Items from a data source
------------------------------------------------------------------------

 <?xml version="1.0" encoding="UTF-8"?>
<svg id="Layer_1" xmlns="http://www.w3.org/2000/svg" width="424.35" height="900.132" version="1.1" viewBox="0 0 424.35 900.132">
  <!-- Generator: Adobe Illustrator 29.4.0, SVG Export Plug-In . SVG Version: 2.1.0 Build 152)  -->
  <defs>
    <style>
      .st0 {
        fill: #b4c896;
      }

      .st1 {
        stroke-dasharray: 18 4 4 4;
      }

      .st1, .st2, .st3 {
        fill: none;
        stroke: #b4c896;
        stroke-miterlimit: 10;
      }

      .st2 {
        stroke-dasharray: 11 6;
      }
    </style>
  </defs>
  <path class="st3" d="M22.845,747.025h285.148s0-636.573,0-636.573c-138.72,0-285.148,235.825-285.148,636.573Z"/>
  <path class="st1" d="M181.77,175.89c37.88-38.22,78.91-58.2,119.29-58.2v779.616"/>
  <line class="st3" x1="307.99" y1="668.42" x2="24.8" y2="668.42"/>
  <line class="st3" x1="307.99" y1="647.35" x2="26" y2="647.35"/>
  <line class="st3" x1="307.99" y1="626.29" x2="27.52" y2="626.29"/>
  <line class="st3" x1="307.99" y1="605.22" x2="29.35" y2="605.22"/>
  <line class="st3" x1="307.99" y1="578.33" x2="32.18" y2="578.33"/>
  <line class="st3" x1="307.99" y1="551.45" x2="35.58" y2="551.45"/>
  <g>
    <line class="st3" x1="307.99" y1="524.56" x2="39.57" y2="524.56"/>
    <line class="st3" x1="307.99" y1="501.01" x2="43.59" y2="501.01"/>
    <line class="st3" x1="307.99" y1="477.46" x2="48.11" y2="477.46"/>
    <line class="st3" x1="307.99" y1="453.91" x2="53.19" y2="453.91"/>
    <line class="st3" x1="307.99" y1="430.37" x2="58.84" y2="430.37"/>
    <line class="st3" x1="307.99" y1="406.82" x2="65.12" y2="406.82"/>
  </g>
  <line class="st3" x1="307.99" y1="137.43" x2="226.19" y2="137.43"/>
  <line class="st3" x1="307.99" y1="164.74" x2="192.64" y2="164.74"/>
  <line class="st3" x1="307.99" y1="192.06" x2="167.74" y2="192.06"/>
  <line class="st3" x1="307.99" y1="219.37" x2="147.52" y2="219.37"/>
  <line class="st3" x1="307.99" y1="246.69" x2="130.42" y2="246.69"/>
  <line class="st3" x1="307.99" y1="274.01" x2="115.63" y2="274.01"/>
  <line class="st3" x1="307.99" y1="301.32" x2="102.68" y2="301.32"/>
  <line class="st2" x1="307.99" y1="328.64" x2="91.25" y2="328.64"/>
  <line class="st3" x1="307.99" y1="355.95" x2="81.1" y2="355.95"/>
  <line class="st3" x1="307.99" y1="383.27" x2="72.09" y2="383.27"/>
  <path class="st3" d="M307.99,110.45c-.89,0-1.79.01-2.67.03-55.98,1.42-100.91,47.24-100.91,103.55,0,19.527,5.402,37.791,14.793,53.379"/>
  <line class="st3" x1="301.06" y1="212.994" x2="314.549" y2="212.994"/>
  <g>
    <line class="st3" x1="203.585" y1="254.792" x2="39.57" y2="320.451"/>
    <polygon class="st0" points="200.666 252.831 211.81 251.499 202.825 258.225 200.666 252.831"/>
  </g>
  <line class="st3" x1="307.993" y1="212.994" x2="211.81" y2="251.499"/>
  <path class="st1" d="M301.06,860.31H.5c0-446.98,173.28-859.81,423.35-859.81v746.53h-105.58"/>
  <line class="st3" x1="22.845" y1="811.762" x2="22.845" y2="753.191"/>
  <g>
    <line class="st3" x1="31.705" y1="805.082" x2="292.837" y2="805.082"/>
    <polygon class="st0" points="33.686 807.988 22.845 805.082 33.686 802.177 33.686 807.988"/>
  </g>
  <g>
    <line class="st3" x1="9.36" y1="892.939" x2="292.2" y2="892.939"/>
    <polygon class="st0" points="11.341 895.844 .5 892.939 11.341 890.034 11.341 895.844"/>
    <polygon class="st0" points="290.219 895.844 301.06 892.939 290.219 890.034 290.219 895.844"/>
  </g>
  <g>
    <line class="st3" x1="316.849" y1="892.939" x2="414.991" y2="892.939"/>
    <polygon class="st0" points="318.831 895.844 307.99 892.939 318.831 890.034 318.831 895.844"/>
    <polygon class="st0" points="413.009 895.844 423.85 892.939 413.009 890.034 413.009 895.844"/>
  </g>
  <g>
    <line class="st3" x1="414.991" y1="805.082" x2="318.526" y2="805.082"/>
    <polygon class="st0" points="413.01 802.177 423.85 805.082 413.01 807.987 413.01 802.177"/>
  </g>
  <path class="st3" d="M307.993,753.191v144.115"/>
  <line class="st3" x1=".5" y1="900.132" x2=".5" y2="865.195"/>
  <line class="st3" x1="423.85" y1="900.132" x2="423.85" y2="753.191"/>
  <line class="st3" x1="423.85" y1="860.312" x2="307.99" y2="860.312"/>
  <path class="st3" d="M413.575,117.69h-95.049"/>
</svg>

------------------------------------------------------------------------

▶ Task instructions
Your reply must be one number: the count of lines in the records above that contain the string "stroke".

▶ Solution to the exercise
4